- [EXERCISE BRIEF]: Drop the pictures, then repeat every record exactly as it stands.

- [EXTRACTED MATERIAL]:
##########
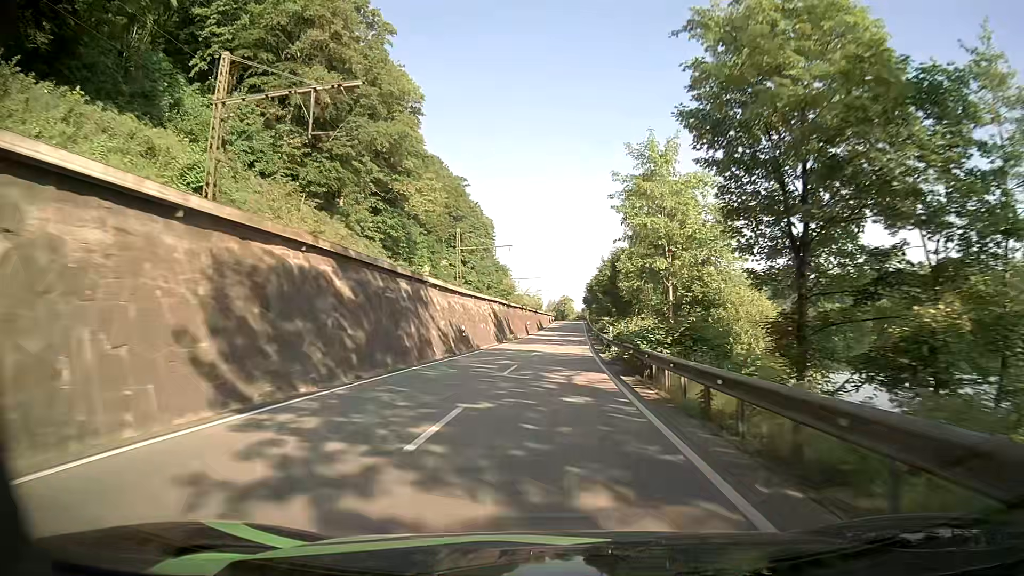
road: primary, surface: asphalt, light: Day
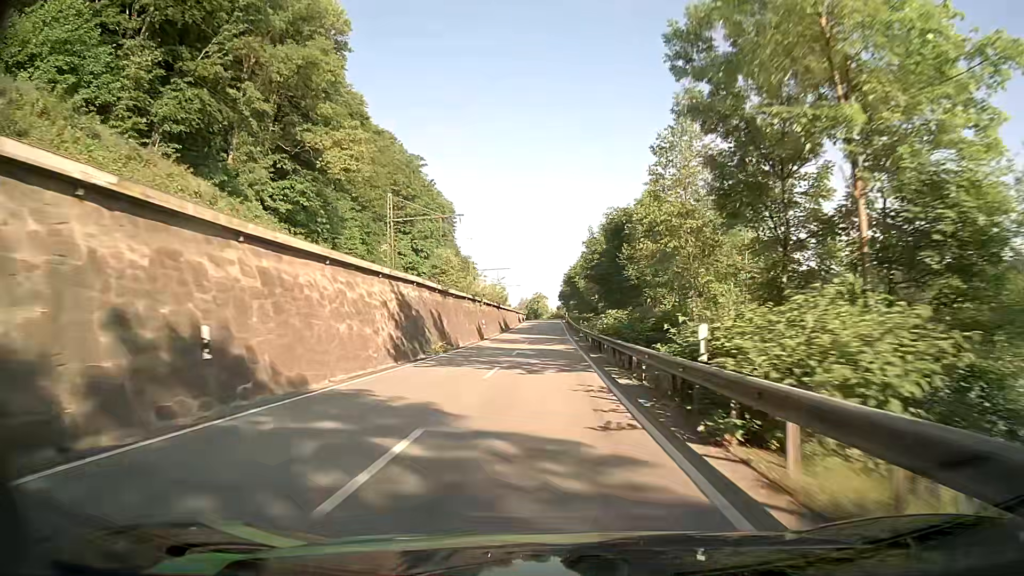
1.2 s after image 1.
(+0.6, +26.4) m; +3°
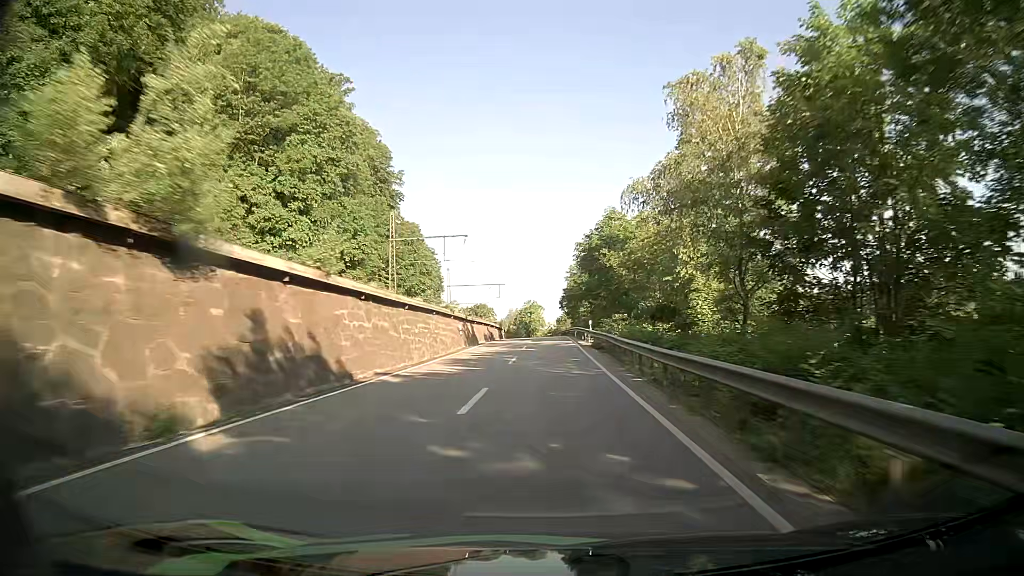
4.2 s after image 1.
(0.0, +66.0) m; 0°
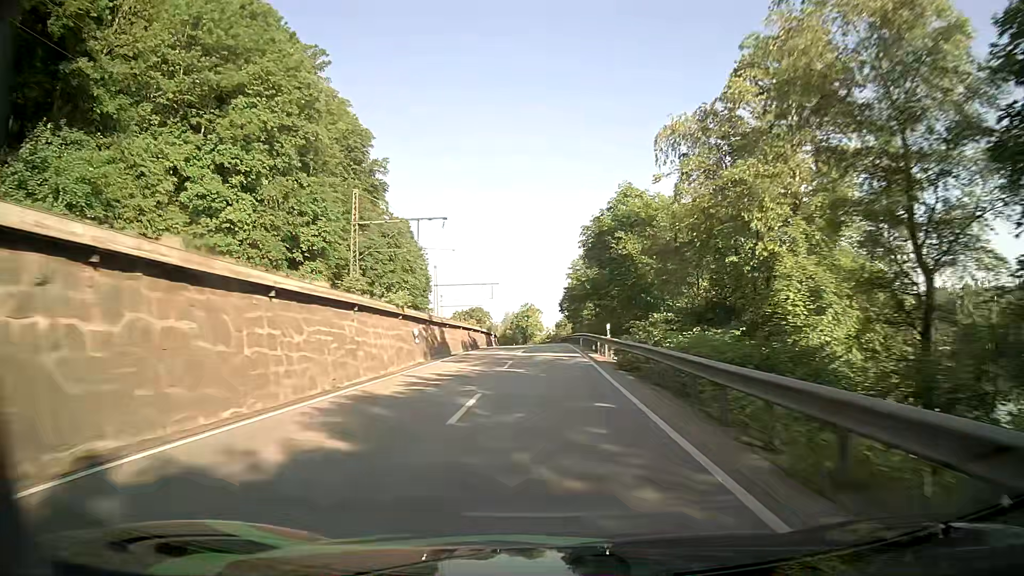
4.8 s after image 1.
(0.0, +13.1) m; 0°
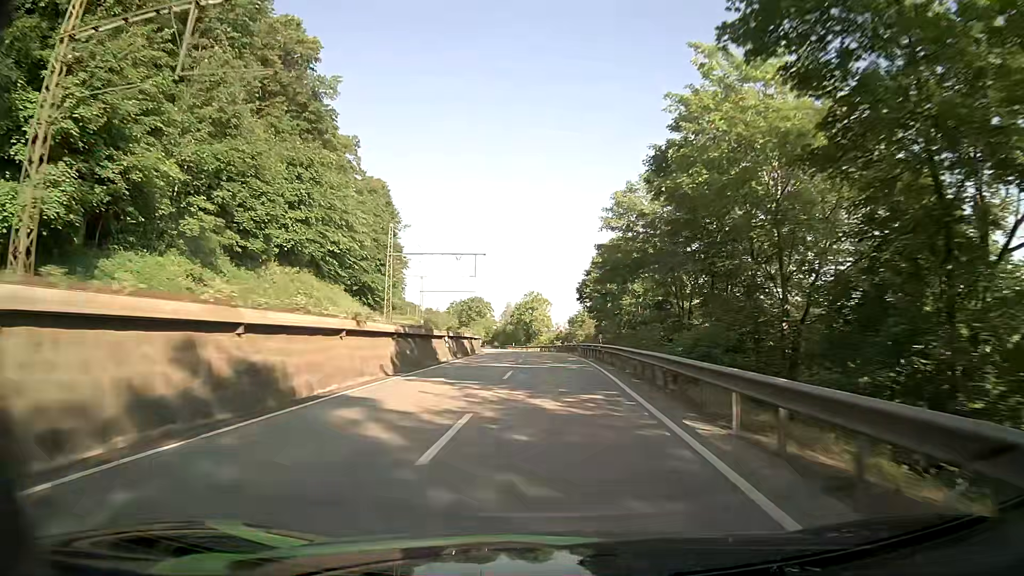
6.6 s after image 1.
(-0.2, +38.2) m; -1°
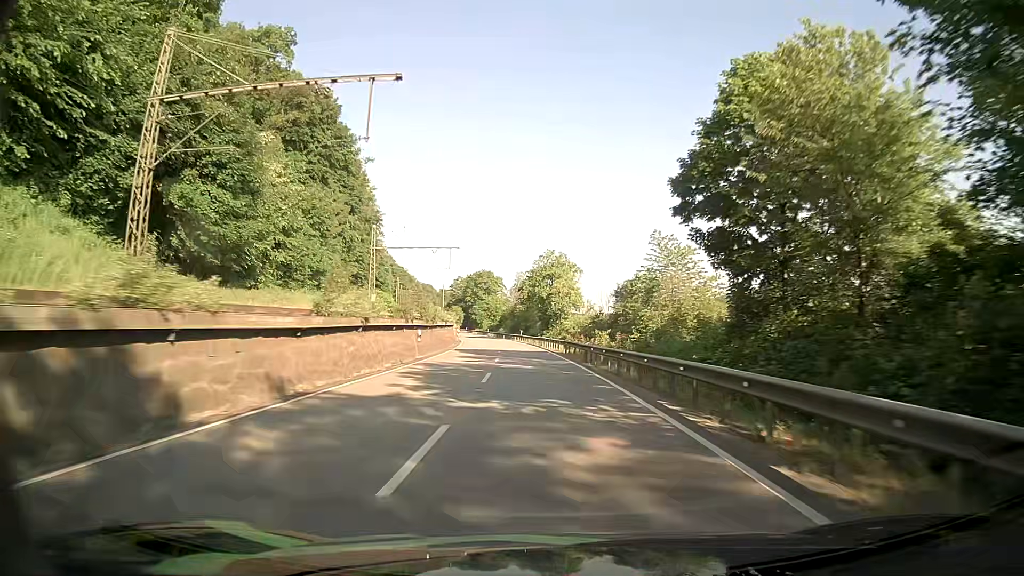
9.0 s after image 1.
(-0.3, +49.1) m; -1°
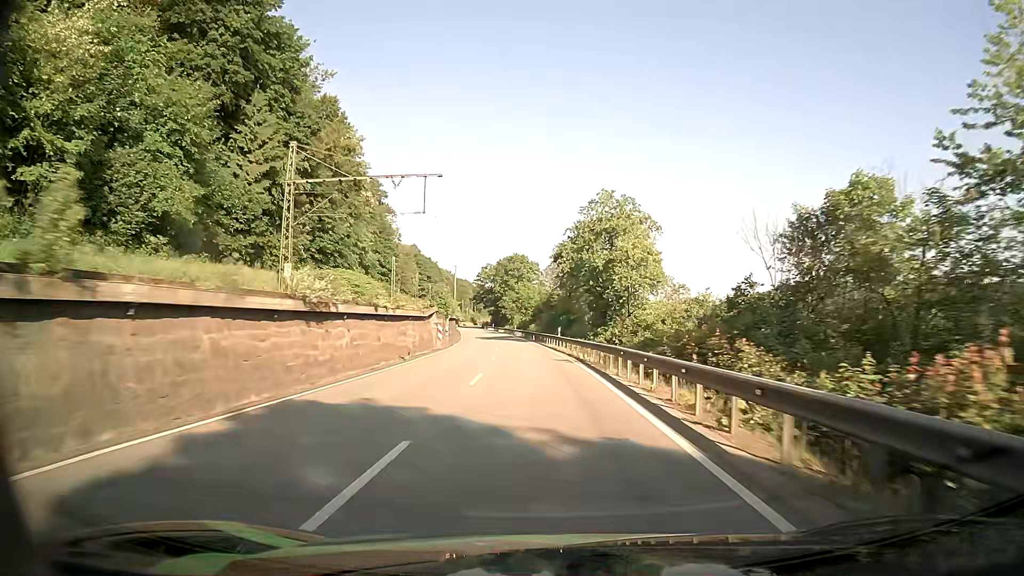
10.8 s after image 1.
(-1.2, +37.3) m; -4°
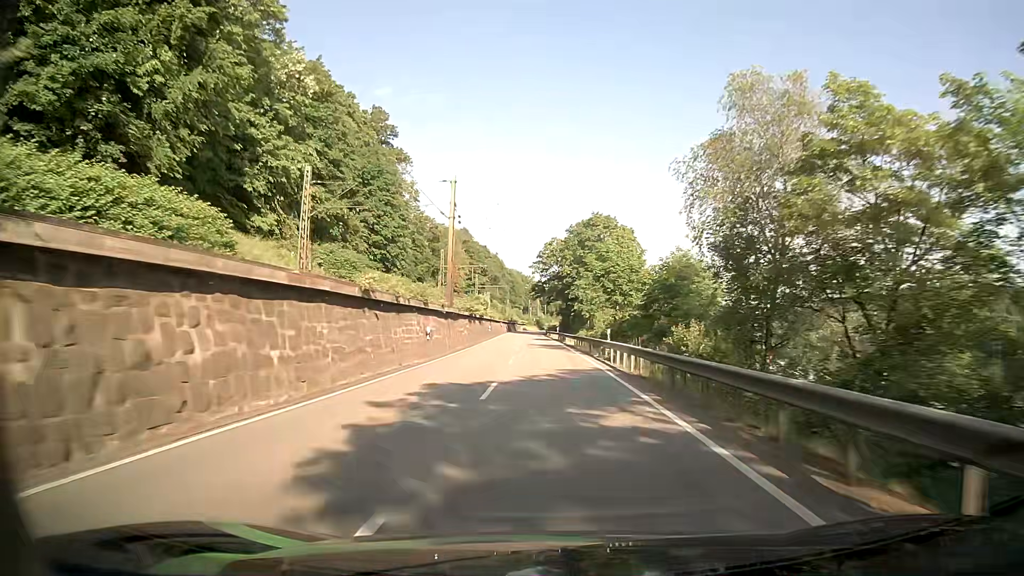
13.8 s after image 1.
(-3.8, +62.9) m; -6°
(0, +10) (0, +20) (-1, +30) (-1, +40) (-1, +50) (-2, +60) (-2, +70) (-2, +80) (-3, +90) (-3, +100) m
##########
- [ANSWER TO THE EXERCISE]:
road: primary, surface: asphalt, light: Day
1.2 s after image 1.
(+0.6, +26.4) m; +3°
4.2 s after image 1.
(0.0, +66.0) m; 0°
4.8 s after image 1.
(0.0, +13.1) m; 0°
6.6 s after image 1.
(-0.2, +38.2) m; -1°
9.0 s after image 1.
(-0.3, +49.1) m; -1°
10.8 s after image 1.
(-1.2, +37.3) m; -4°
13.8 s after image 1.
(-3.8, +62.9) m; -6°
(0, +10) (0, +20) (-1, +30) (-1, +40) (-1, +50) (-2, +60) (-2, +70) (-2, +80) (-3, +90) (-3, +100) m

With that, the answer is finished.